Voila! ✅ Our Namespace got created when we are following proper labels as defined by the policy.

So this is how you can configure other policies as well as per the project needs. am not going to add more examples here as the post will be longer and eventually you might lose interest to Read it 😄

Here am going to share some links which can be useful for you to proceed you can customize them as per your needs and configure them for your cluster to make it more secure, and under control and apply proper governance across it.

GeneralPolicies:-

PodSecurityPolicies:-

Dry Run enforcement action

When rolling out new constraints to running clusters, the dry run functionality can be helpful as it enables constraints to be deployed in the cluster without making actual changes. This allows constraints to be tested in a running cluster without enforcing them. Cluster resources that are impacted by the dry run constraint are surfaced as violations in the status field of the constraint.
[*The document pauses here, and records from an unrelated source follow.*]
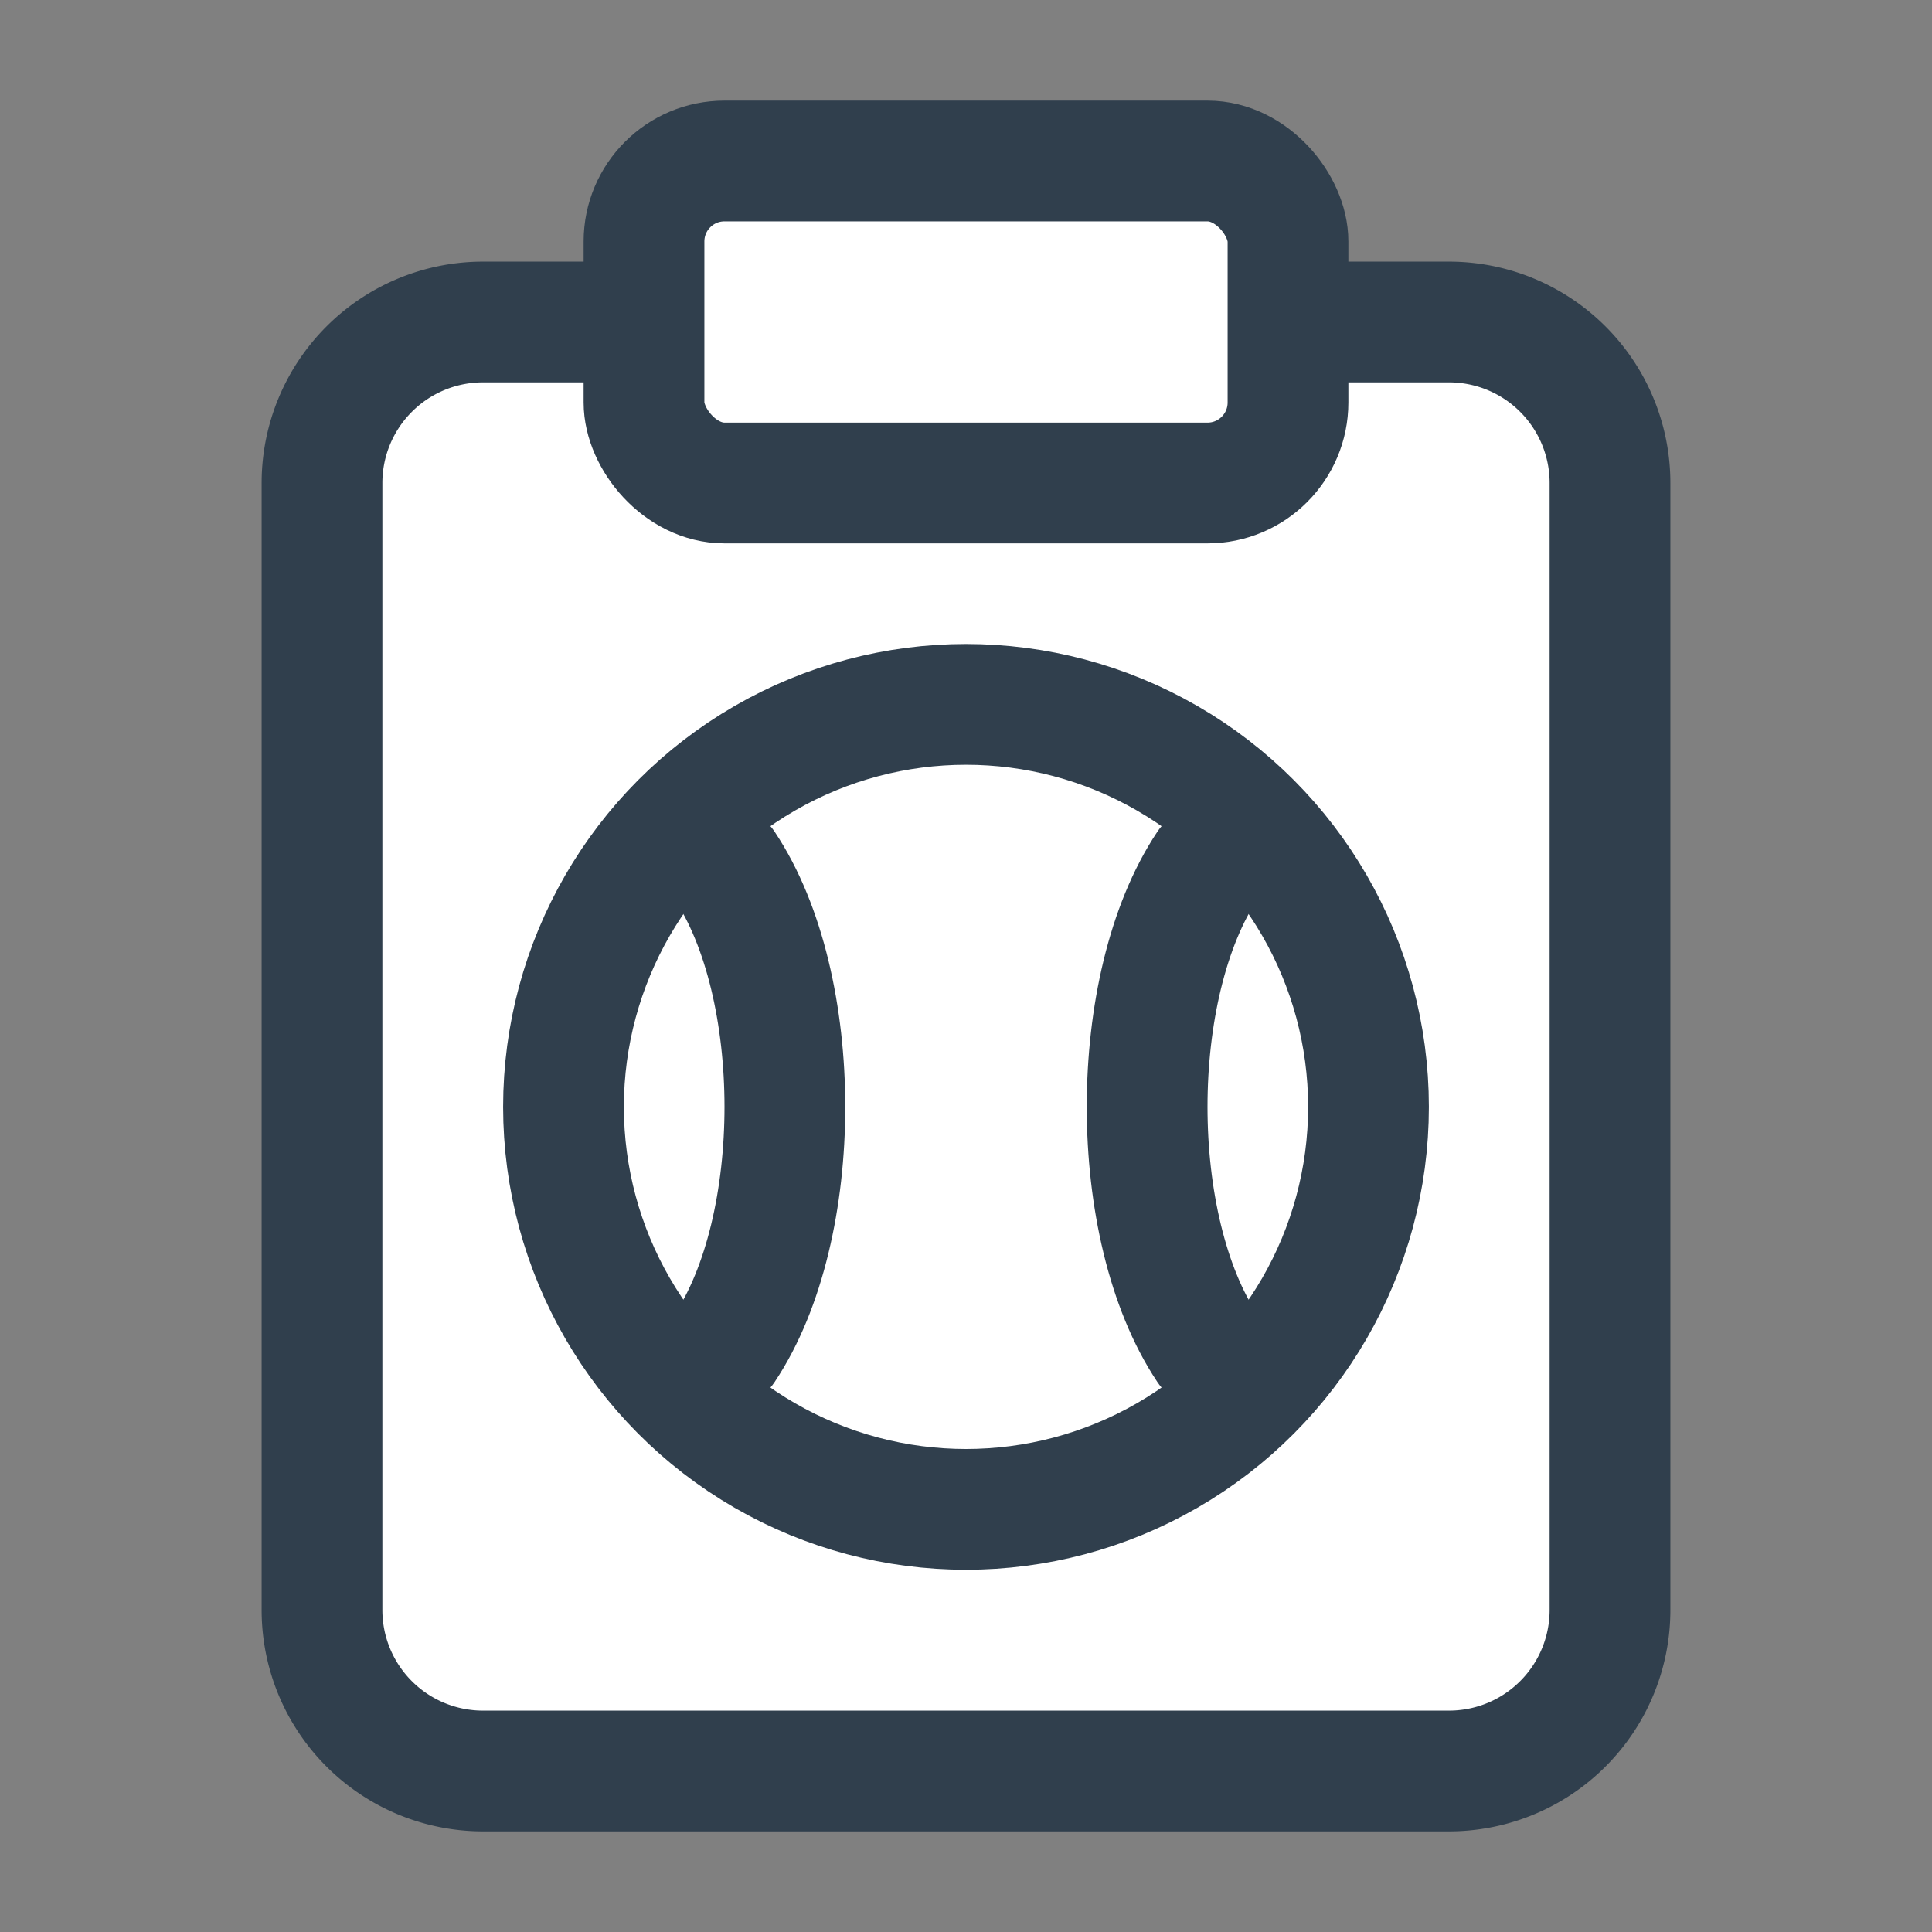 <svg xmlns="http://www.w3.org/2000/svg" width="24" height="24" viewBox="0 0 24 24" fill="none" stroke="#303f4d" stroke-width="1.5" stroke-linecap="round" stroke-linejoin="round">
  <rect x="0" y="0" width="24" height="24" fill="#808080" stroke="none"/>
  <!-- クリップボード -->

  <path fill="#fff" d="M16 4h2a2 2 0 0 1 2 2v14a2 2 0 0 1-2 2H6a2 2 0 0 1-2-2V6a2 2 0 0 1 2-2h2"/>
  
  <!-- 野球ボール（円） -->
  <circle cx="12" cy="13.75" r="5" fill="white" stroke-linecap="round" stroke-linejoin="round"/>
  
  <!-- 野球ボールの縫い目（左側の円弧） -->
  <path d="M15 10.75 C14 12.25 14 15.25 15 16.75" fill="none" stroke-linecap="round" stroke-linejoin="round"/>
  
  <!-- 野球ボールの縫い目（右側の円弧） -->
  <path d="M9 10.75 C10 12.25 10 15.25 9 16.75" fill="none" stroke-linecap="round" stroke-linejoin="round"/>
    <rect fill="#fff" width="8" height="4" x="8" y="2" rx="1" ry="1"/>
</svg>

To use the dry run feature, add enforcementAction: dryrun to the constraint spec to ensure no actual changes are made as a result of the constraint. By default, enforcementAction is set to deny as the default behavior is to deny admission requests with any violation.

Warn enforcement action

Warn enforcement action offers the same benefits as a dry run, such as testing constraints without enforcing them. In addition to this, it will also provide immediate feedback on why that constraint would have been denied.

Config Resource

The config resource can be used to exclude namespaces, and sync resources from certain processes for all constraints in the cluster. An asterisk can be used for wildcard matching (e.g. kube-*). To exclude namespaces at a constraint level, use excludedNamespaces the instead.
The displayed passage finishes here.